Most of those people weren’t disabled in the context of their time. They are disabled today not entirely because of autism, they are disabled because they are different from the rest of the population, and society has changed in ways that exclude us. And that to me is a real tragedy.
Today we have a neurodiversity initiative at William and Mary, which I’m proud to be part of. Back at my home in Massachusetts we have a school that I co-founded that teaches automotive trades to high school students on the spectrum. A really interesting thing came to me in working with the W&M students and operating our high school. It’s regarding what we teach and how some jobs are supposedly “better” than others because of the intellectual power needed to do them. I’ve come to see the societal wrongness of that notion, how it’s exclusionary, and yet it’s everywhere today.

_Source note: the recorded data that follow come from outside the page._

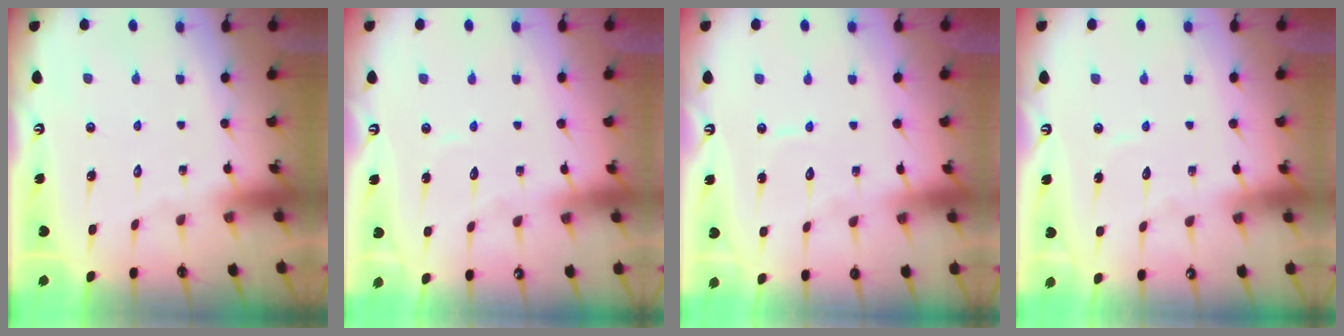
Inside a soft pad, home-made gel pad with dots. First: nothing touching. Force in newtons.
{"total": 5.8, "press": 5.8, "slide": 0.5}
{"total": 5.3, "press": 5.3, "slide": 0.4}
{"total": 5.6, "press": 5.6, "slide": 0.3}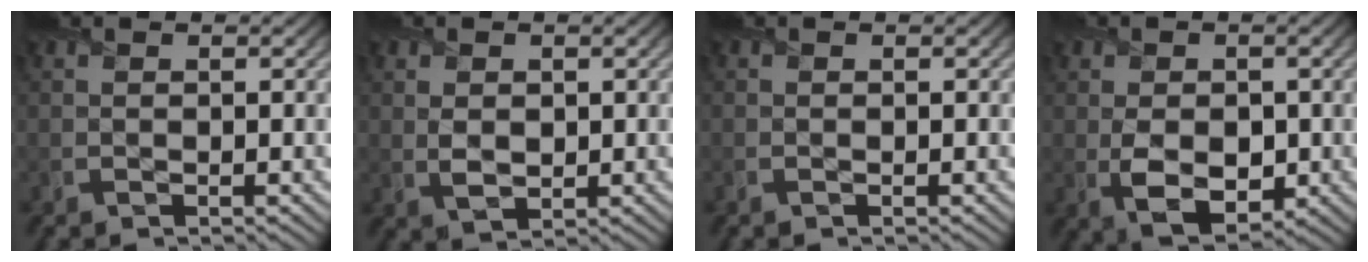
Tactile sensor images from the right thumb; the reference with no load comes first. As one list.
[{"total": 2.7, "force": [0.5, 1.9, 1.9], "torque": [-0.046, 0.001, 0.012]}, {"total": 0.0}, {"total": 5.9, "force": [-0.6, 4.0, 4.4], "torque": [-0.087, -0.010, -0.007]}]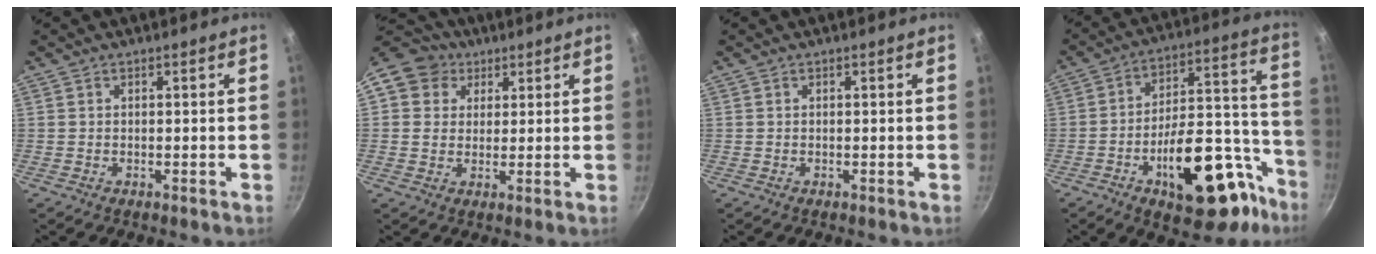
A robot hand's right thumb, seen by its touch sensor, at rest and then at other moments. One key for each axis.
{"total": 10.2, "fx": 4.1, "fy": 8.7, "fz": 3.3, "tx": -0.042, "ty": 0.012, "tz": 0.057}
{"total": 0.0}
{"total": 25.5, "fx": -12.8, "fy": 12.1, "fz": 18.5, "tx": -0.198, "ty": 0.093, "tz": -0.178}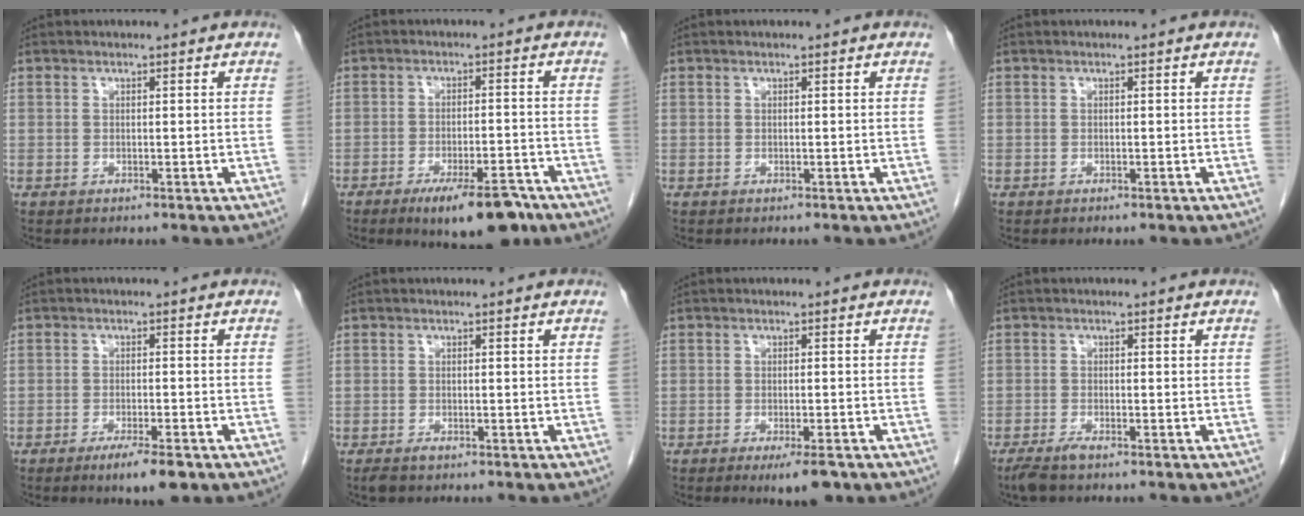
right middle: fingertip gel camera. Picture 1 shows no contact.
{"total": 9.8, "force": [-6.7, 2.6, 6.6], "torque": [-0.092, -0.009, -0.101]}
{"total": 0.0}
{"total": 0.0}
{"total": 5.3, "force": [-3.4, 0.7, 4.1], "torque": [-0.067, -0.011, -0.049]}
{"total": 1.5, "force": [-1.1, 0.5, 0.9], "torque": [-0.020, -0.003, -0.017]}
{"total": 4.5, "force": [-2.9, 0.9, 3.4], "torque": [-0.049, -0.008, -0.036]}
{"total": 2.5, "force": [-2.0, 0.3, 1.5], "torque": [-0.035, -0.006, -0.038]}

In contrast, in our TCS Auto Program, we teach the auto trade in the midst of a working automobile dealership complex. So our high school students are surrounded by a hundred guys doing everything they do at a dealership to fix and clean and deliver cars to their owners. When we get a student in there with an IQ of 60, and we get another with an IQ of 130, they are both equal. Because in a car dealership, the guy with the IQ of 60 might be a successful and popular detailer, and polish and wax the finest Rolls Royces. And he takes real pride in that, and every Rolls Royce owner comes in and gives him a tip because he made the car look so beautiful.
|John Robison at IMFAR's opening reception. |
Image description: A man with light jeans
and a plaid short sleeved shirt,
with his face obscured by his camera's flash.
And we’ve lost sight of that in our schools. So these changes might start with schools recognizing that classes aren’t for people who are “less” or “more,” they’re just for people. And if we structure classes like we structure work, we don’t put the people with one IQ in one class and in another, we put everyone together and let them be together, doing different jobs. That’s what happened in colonial America, that’s what can happen in some businesses in America today, and that’s really the key to bringing autistic people into society, bring society back to the model that accommodated us for thousands and thousands of years because the 1 in 68 today was 1 in 68 in 1900, and 1800, and 1700, and every century before that.
So I’m out of time… probably not what you expected to hear, but those are my reactions to what I have heard. Thank you.